* **RECORDS FOR PROCESSING**:
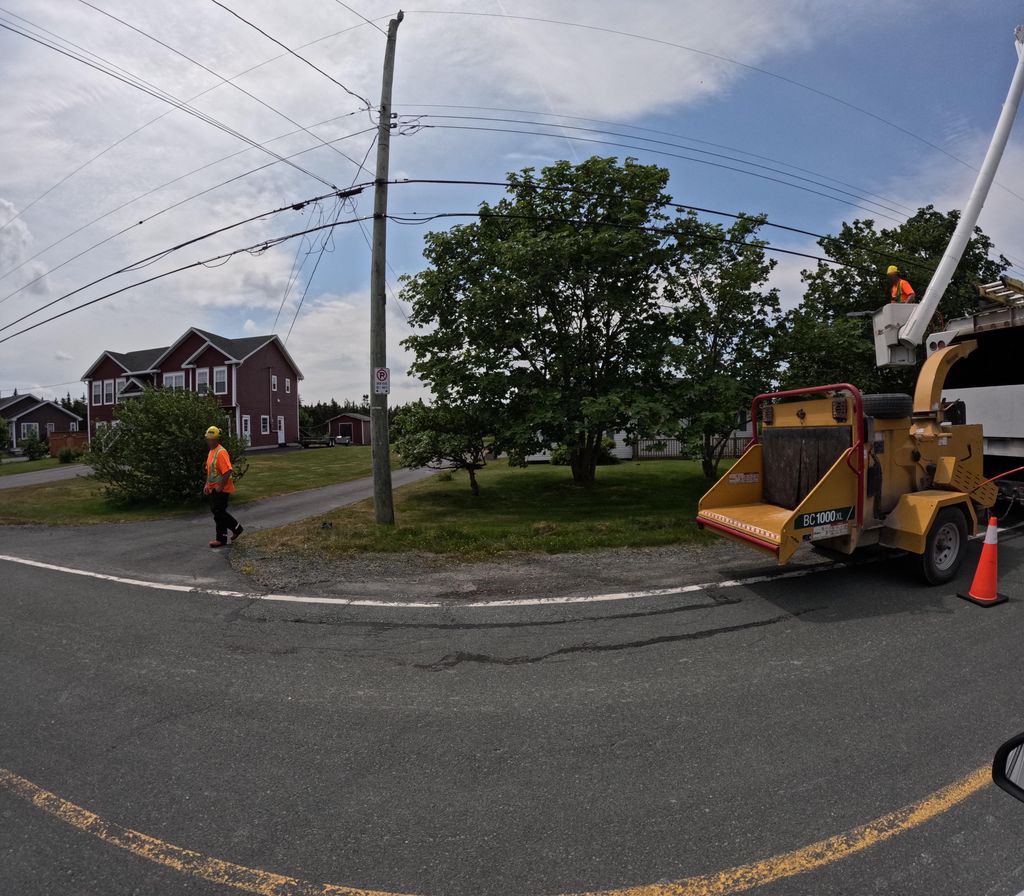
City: st_johns
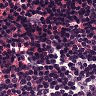
Metastatic tissue present: no
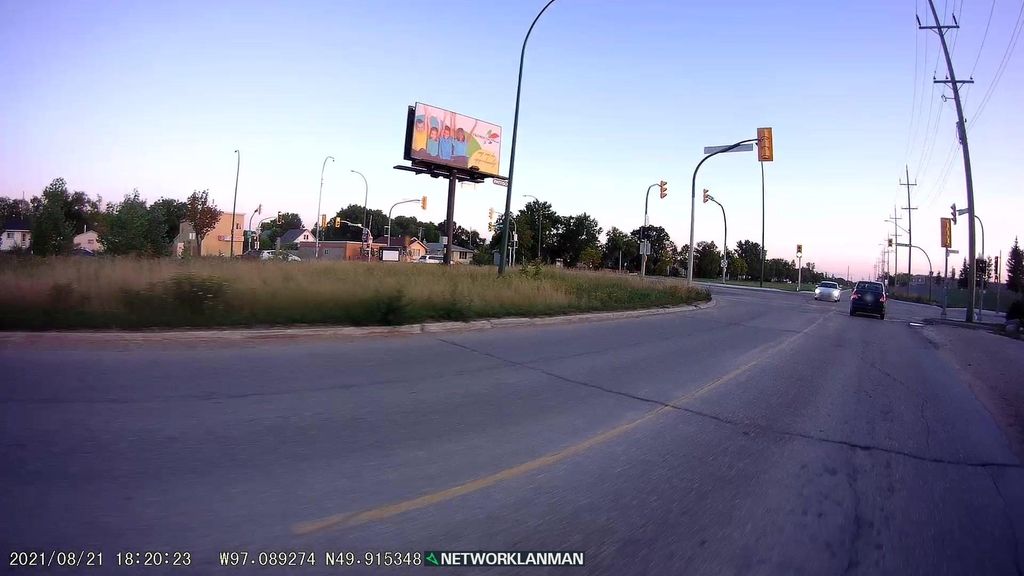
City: winnipeg
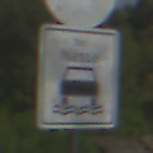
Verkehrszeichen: BeiNaesse
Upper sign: Geschwindigkeit110
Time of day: MorningAfternoon
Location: Outdoor (Nature)
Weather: PartlyCloudy
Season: NotSpecified
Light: Natural
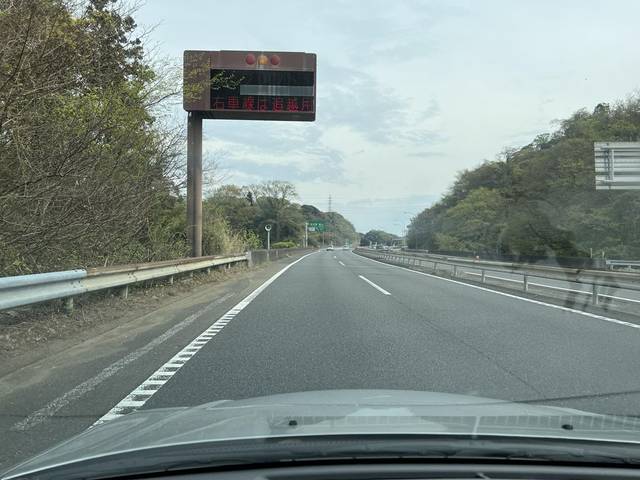
Region: Japan
Coordinates: 35.281, 139.631
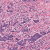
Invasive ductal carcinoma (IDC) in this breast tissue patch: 1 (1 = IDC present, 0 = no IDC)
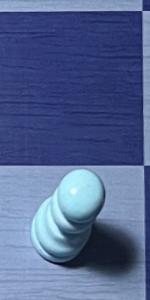
Label: Pawn_White
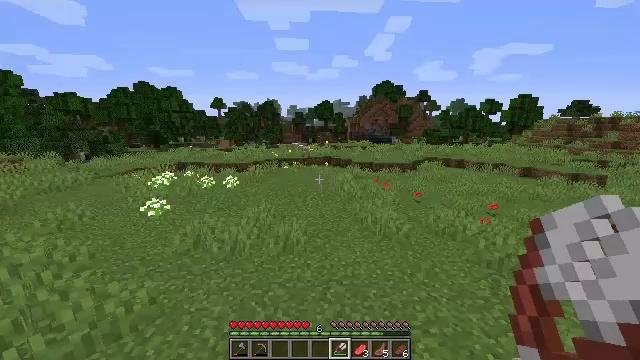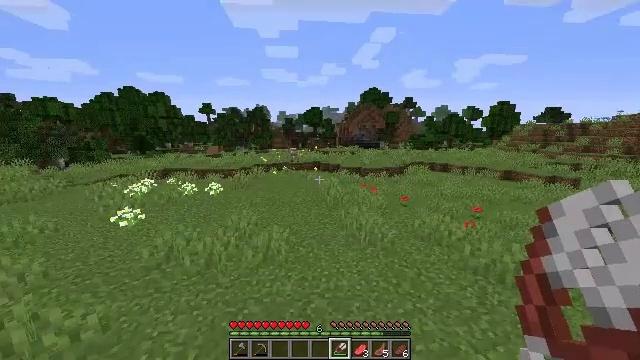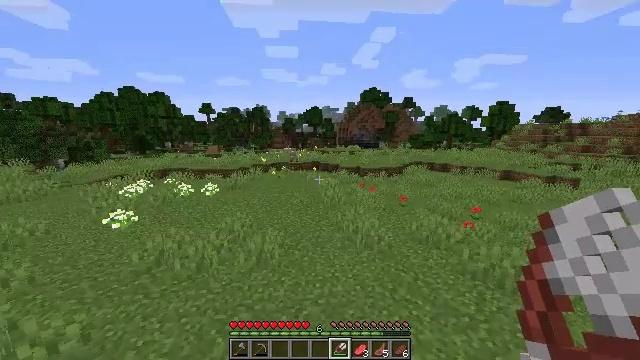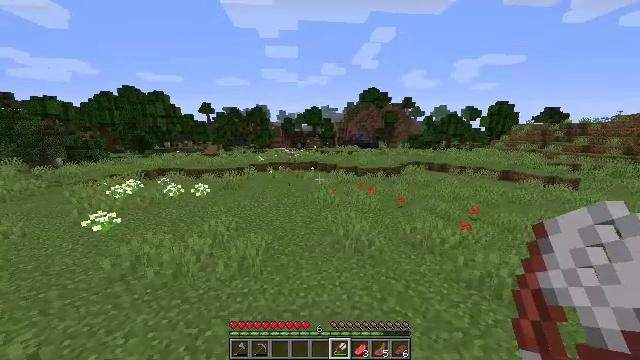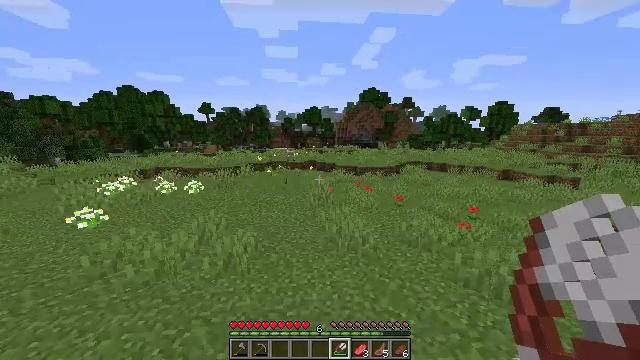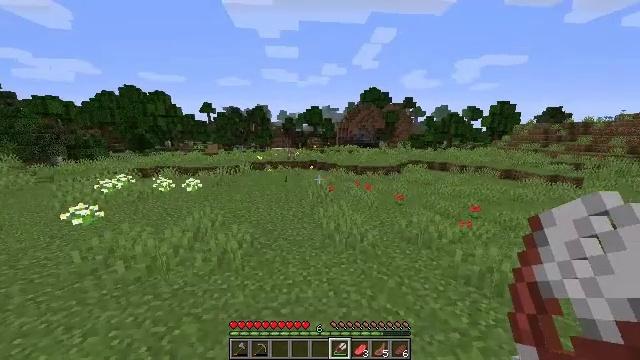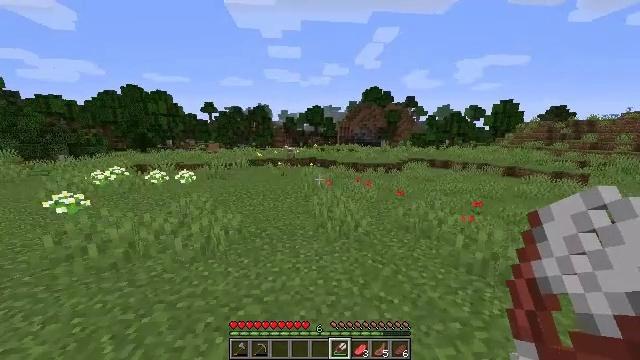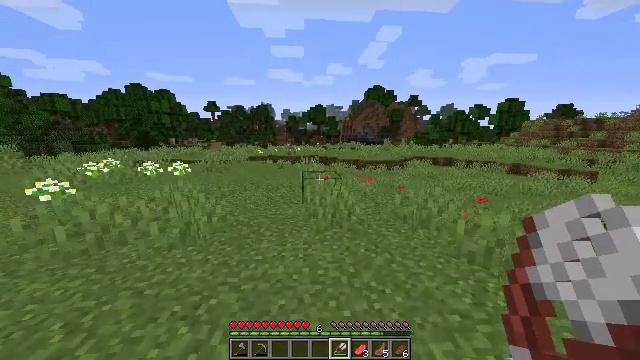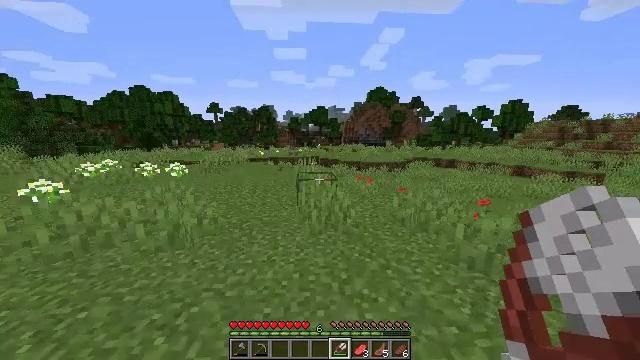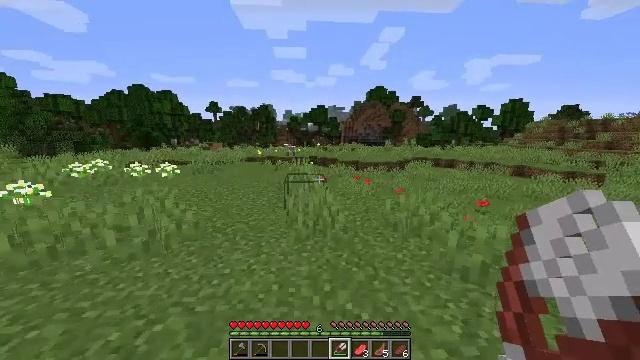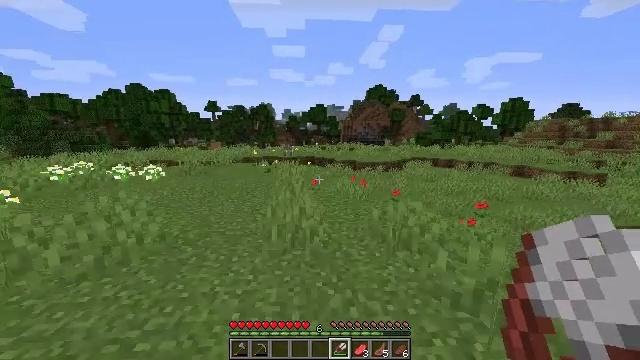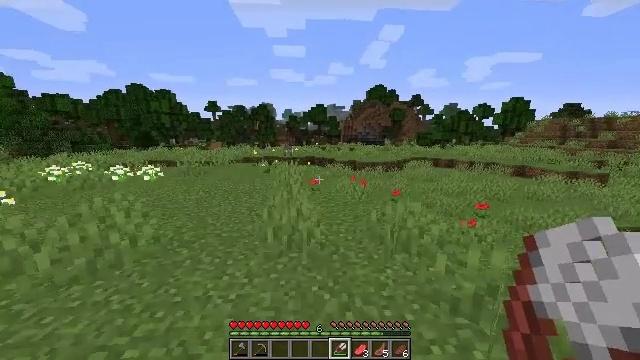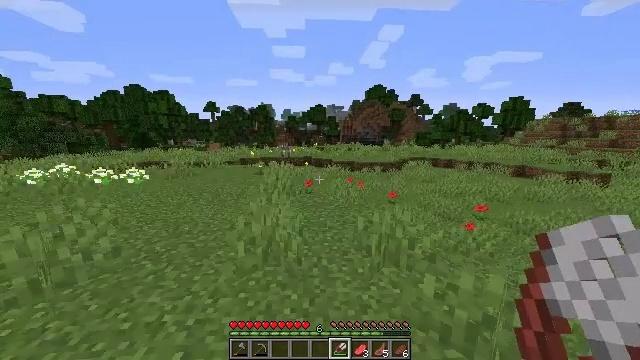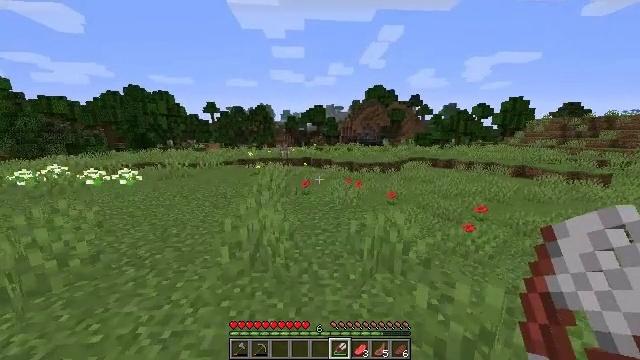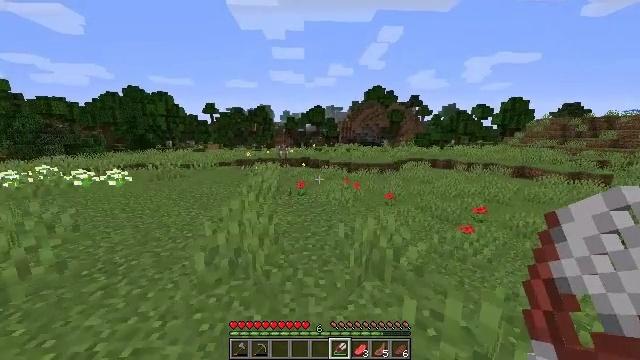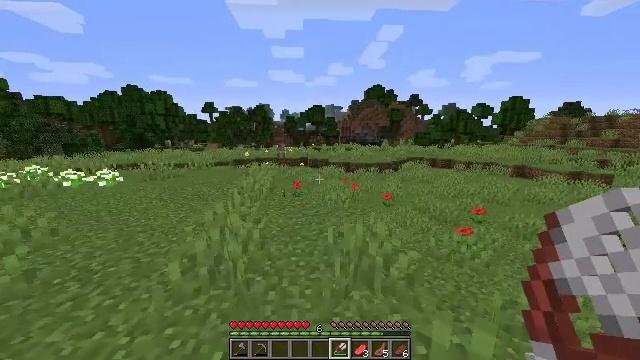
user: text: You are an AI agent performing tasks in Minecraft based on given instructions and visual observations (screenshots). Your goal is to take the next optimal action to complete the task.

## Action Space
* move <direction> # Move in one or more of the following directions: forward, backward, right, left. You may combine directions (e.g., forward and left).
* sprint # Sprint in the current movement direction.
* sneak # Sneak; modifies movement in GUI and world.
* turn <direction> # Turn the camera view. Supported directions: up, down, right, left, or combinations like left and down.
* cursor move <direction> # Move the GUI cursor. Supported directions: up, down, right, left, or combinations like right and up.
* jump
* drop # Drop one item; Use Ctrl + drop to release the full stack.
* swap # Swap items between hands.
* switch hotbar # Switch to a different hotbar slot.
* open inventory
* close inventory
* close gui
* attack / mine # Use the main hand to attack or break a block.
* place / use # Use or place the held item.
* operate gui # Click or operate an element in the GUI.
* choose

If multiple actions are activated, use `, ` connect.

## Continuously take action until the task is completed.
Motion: motion action
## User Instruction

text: Destroy the spruce leaves to get sticks and saplings.
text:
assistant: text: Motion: move forward and move right, sprint, turn right and up
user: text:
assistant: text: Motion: move forward and move right, sprint
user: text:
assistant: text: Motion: move forward and move right, sprint
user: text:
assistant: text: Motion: move forward and move right, sprint
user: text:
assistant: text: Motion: move forward and move right, sprint
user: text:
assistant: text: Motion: move forward and move right, sprint
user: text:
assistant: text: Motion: move forward and move right, sprint
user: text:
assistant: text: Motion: move forward and move right, sprint
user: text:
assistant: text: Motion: move forward and move right, sprint
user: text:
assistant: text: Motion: move forward and move right, sprint
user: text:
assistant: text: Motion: move forward and move right, sprint
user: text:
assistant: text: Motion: move forward and move right, sprint
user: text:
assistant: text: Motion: move forward and move right, sprint
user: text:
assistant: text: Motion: move forward and move right, sprint
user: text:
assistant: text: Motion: move forward and move right, sprint
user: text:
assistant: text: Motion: move forward and move right, sprint
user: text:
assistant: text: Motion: move forward and move right, sprint
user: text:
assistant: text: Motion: move forward and move right, sprint
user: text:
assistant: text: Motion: move forward and move right, sprint
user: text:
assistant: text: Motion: move forward and move right, sprint
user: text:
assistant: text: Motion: move forward and move right, sprint
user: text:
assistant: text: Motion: move forward and move right, sprint
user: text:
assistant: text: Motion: move forward and move right, sprint, turn right
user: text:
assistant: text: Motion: move forward and move right, sprint, turn right
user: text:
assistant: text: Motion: move forward and move right, sprint, turn right
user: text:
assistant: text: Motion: move forward and move right, sprint, turn right
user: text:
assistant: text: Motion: move forward, sprint
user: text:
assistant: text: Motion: move forward, sprint
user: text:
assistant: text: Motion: move forward, sprint
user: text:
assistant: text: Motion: move forward, sprint
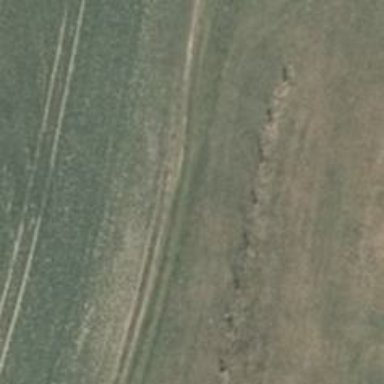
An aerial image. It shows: Track with ground surface. The track type is grade 5.
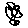
Label: flower
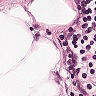
Metastatic tissue present: no
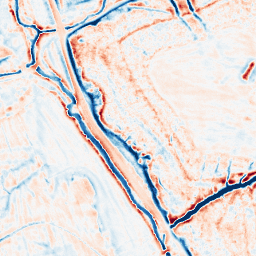
Category: edge_preserving
Decomposition family: bilateral
Decomposition parameters: d: 15
sigma_color: 75
sigma_space: 100
Upsampling method: sinc_hamming
Upsampling parameters: scale: 8
kernel_size: 16
Upsampling scale: 8
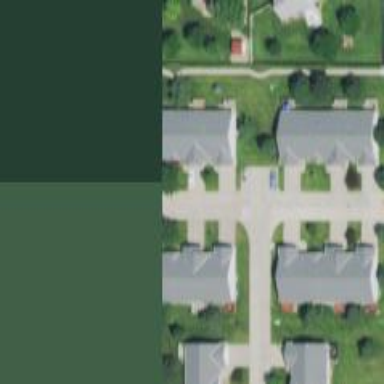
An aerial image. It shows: Living street.
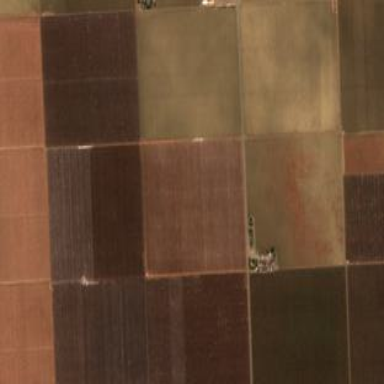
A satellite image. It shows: Farmland with fields for crop cultivation.

* **PROBLEM DESCRIPTION**: From the data above, copy each line that has the string "like".

* **EXERCISE ANSWER**:
* turn <direction> # Turn the camera view. Supported directions: up, down, right, left, or combinations like left and down.
* cursor move <direction> # Move the GUI cursor. Supported directions: up, down, right, left, or combinations like right and up.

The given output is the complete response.